UNITED STATES DISTRICT COURT FOR THE DISTRICT OF COLUMBIA
CHILDREN’S HEALTH DEFENSE,
Plaintiff,
v. Case No. 1:23-cv-00431 (TNM)
CENTERS FOR DISEASE CONTROL AND PREVENTION,
Defendant.
MEMORANDUM ORDER
Children’s Health Defense (CHD) wants governmental safety-monitoring records for the
COVID-19 vaccine. So it sent Freedom of Information Act requests to two agencies—the Food
and Drug Administration and Centers for Disease Control and Prevention. The agencies largely
gave CHD what it wanted, except for 512 documents bearing the results of safety analyses
performed by FDA and related communications between FDA and CDC. Those documents,
which are responsive to both FOIA requests, are sitting in an FDA processing queue that has
ballooned because of an unprecedented discovery order from a federal court in Texas.

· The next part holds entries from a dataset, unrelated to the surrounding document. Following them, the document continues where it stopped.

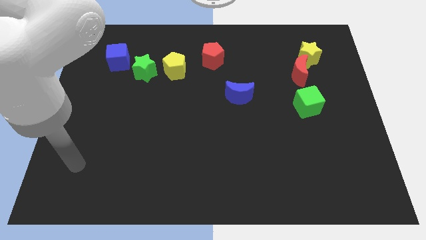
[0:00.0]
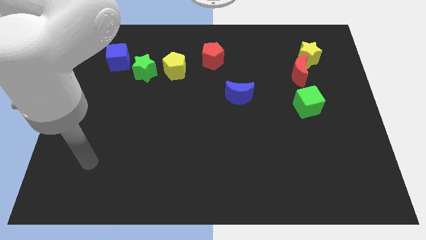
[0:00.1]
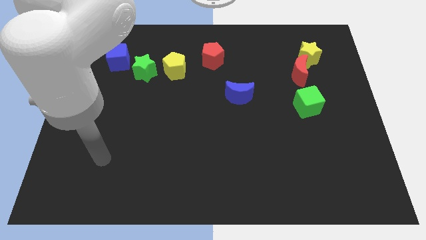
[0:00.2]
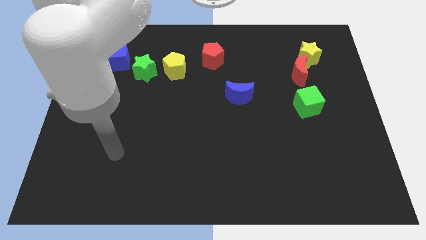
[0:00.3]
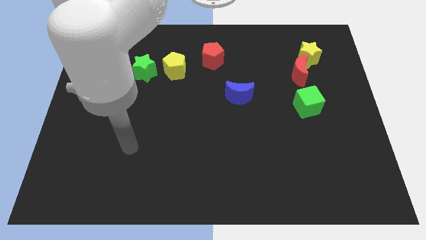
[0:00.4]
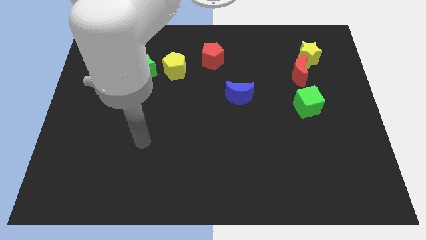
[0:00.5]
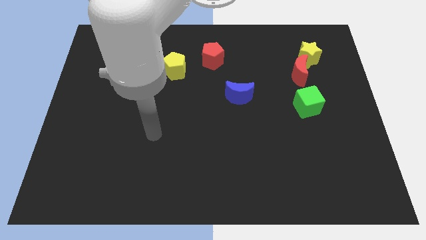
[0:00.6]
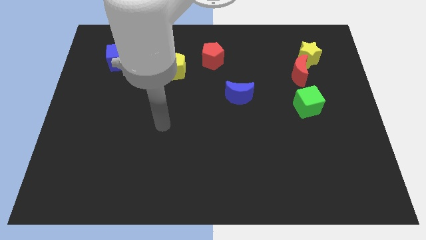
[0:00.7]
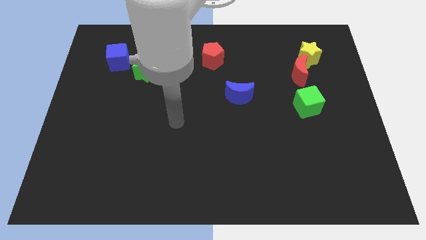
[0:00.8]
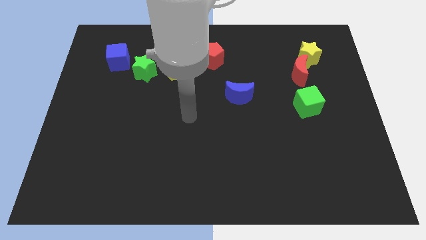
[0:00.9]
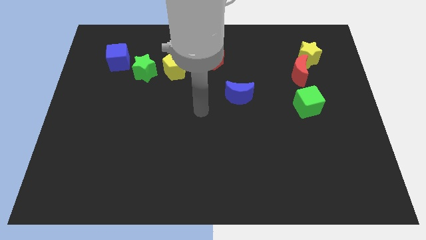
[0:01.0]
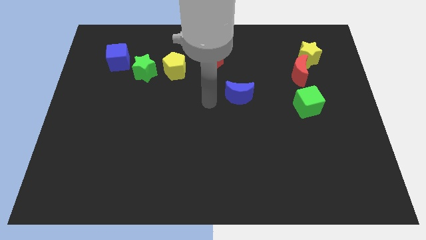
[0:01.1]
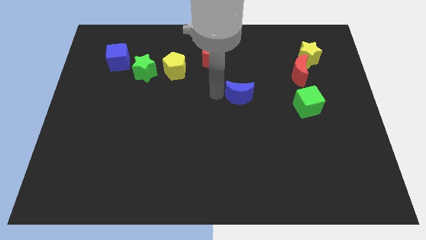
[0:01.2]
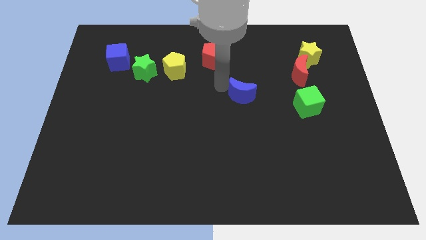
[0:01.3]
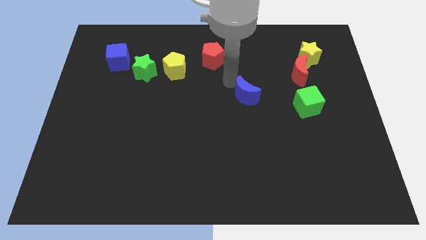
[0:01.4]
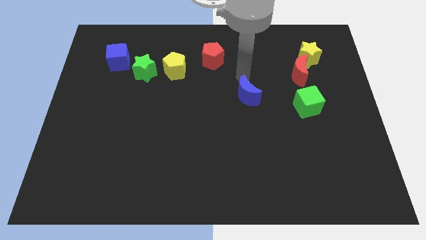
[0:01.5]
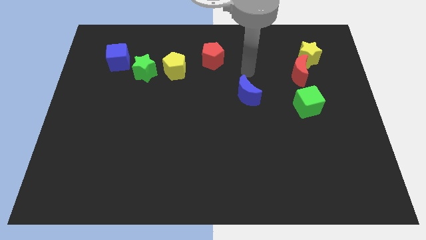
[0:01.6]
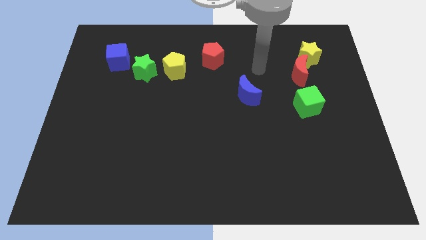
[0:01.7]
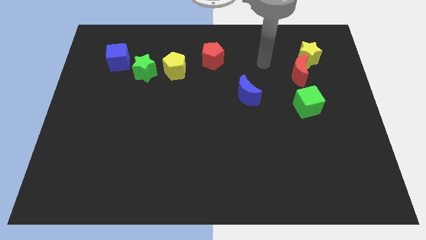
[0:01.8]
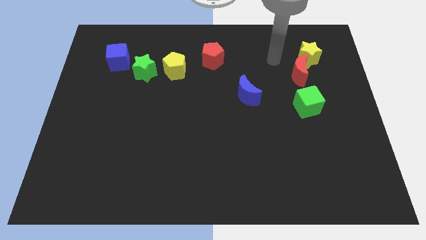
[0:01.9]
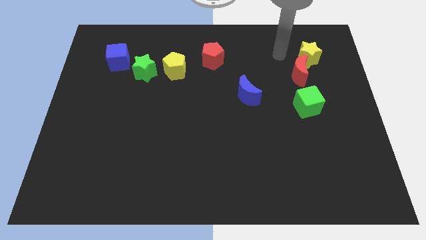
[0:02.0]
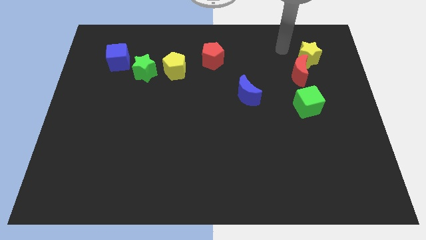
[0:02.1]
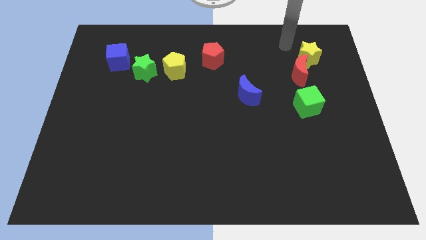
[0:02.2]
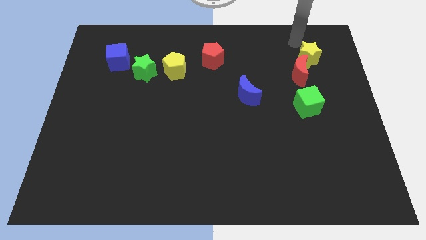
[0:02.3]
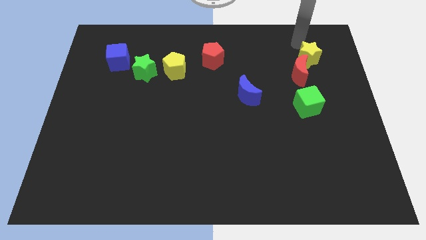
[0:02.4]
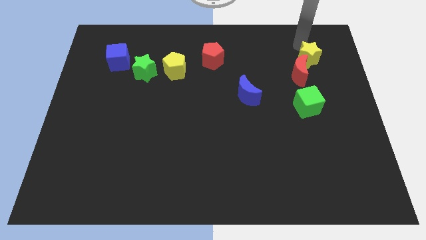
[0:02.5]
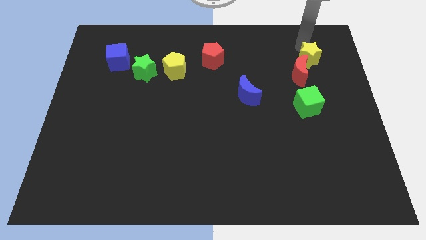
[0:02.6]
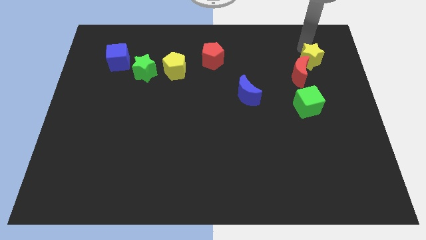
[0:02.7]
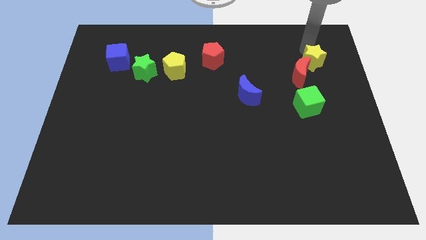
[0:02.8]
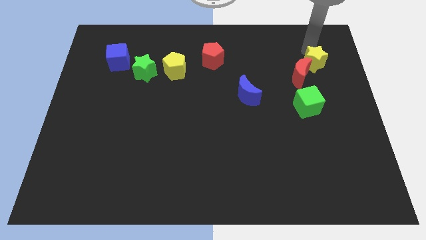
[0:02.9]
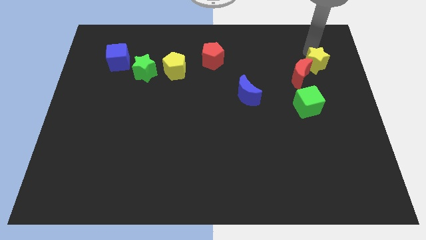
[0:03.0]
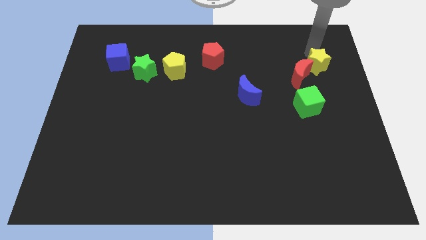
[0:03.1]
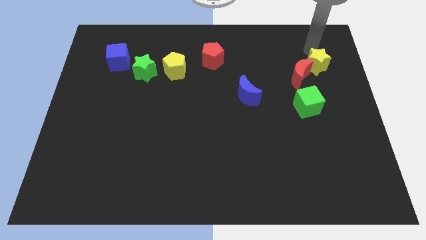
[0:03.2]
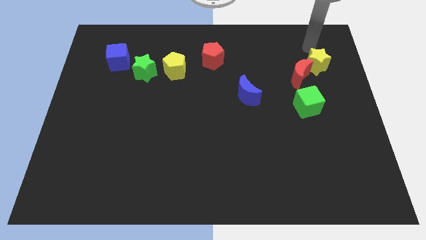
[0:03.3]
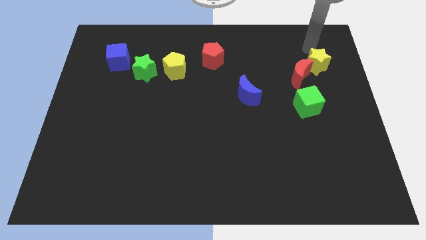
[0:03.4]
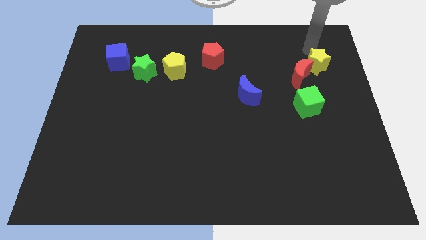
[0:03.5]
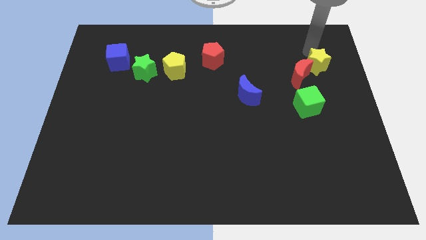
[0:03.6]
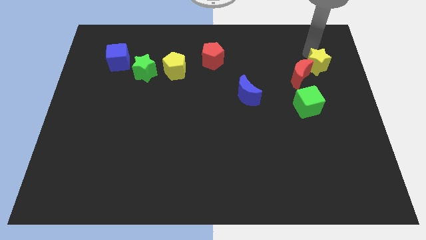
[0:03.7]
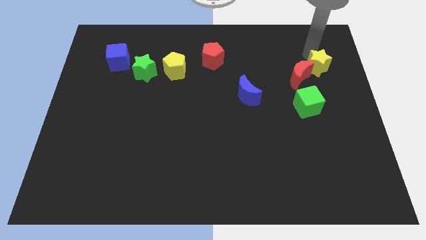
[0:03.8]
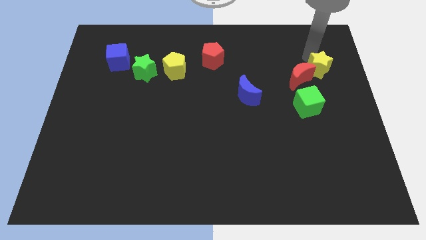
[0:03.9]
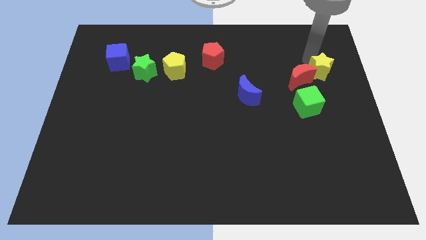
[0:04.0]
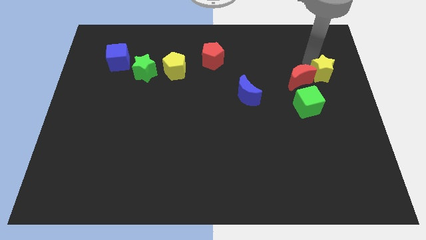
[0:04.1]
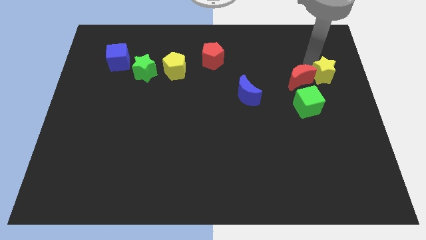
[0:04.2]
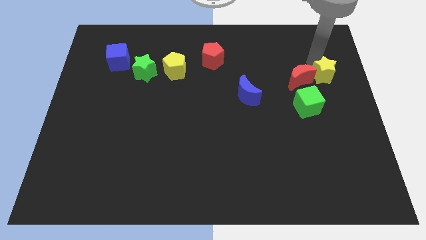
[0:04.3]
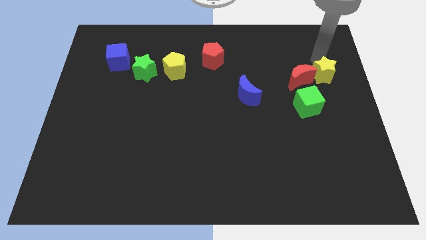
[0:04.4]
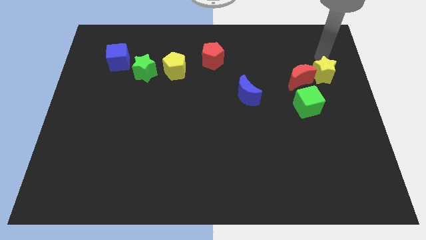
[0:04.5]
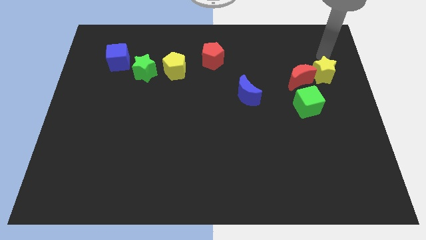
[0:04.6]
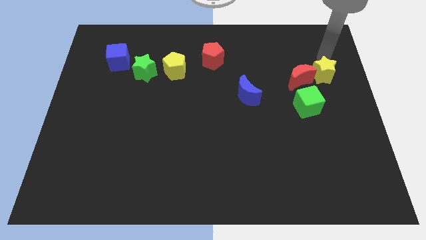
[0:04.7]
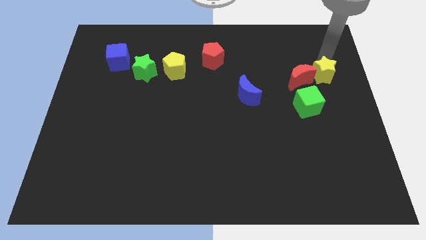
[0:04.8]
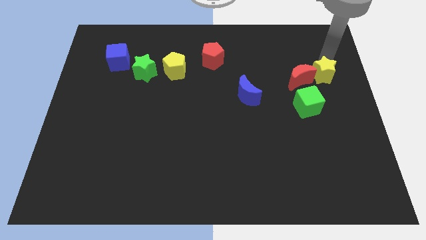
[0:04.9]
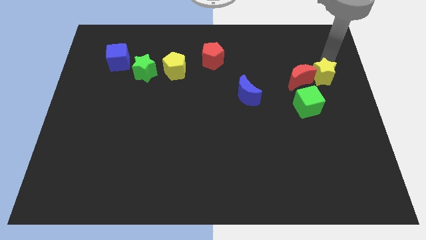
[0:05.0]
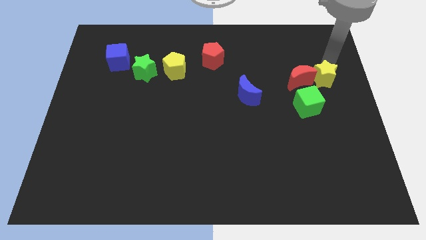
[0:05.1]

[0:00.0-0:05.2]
slightly move the yellow star down

CHD sued both agencies to speed things up. But FDA obtained a stay in its litigation
with CHD, citing exceptional circumstances and due diligence. See Order at 9, Child.’s Health
Def. v. FDA (CHD I), No. 23-cv-220 (RDM) (D.D.C. Jan. 12, 2024), ECF No. 25. FDA got a
stay in another case involving substantially similar documents. See Orders, Informed Consent
Action Network v. FDA (Informed Consent I), No. 23-cv-219 (RBW) (D.D.C.), ECF Nos. 27 &
29. Now CDC—through its parent agency, the U.S. Department of Health and Human
Services—seeks similar treatment for these same documents. In an exercise of its inherent power, the Court will grant a stay to preserve the integrity of the stay orders in CHD I and
Informed Consent I. CHD may not get fast-track treatment here after it and another plaintiff
were ordered to wait elsewhere.
I.
CHD sent two FOIA requests to CDC “seeking records in connection with the CDC’s
safety-monitoring of COVID-19 injections through the Vaccine Adverse Events Reporting
System (VAERS).” Compl. at 1, ECF No. 1. Frustrated with the pace and substance of CDC’s
responses, CHD sued to move things along. See id. The parties have hashed out most of their
differences, except for 512 potentially responsive records that CDC sent to FDA for
consultation. 1 See HHS Mot. for Partial Stay at 10, 2 ECF No. 20. When FDA received the
records, it placed them in a first-in, first-out processing queue at the Access Litigation and
Freedom of Information Branch within FDA’s Center for Biologics Evaluation and Research.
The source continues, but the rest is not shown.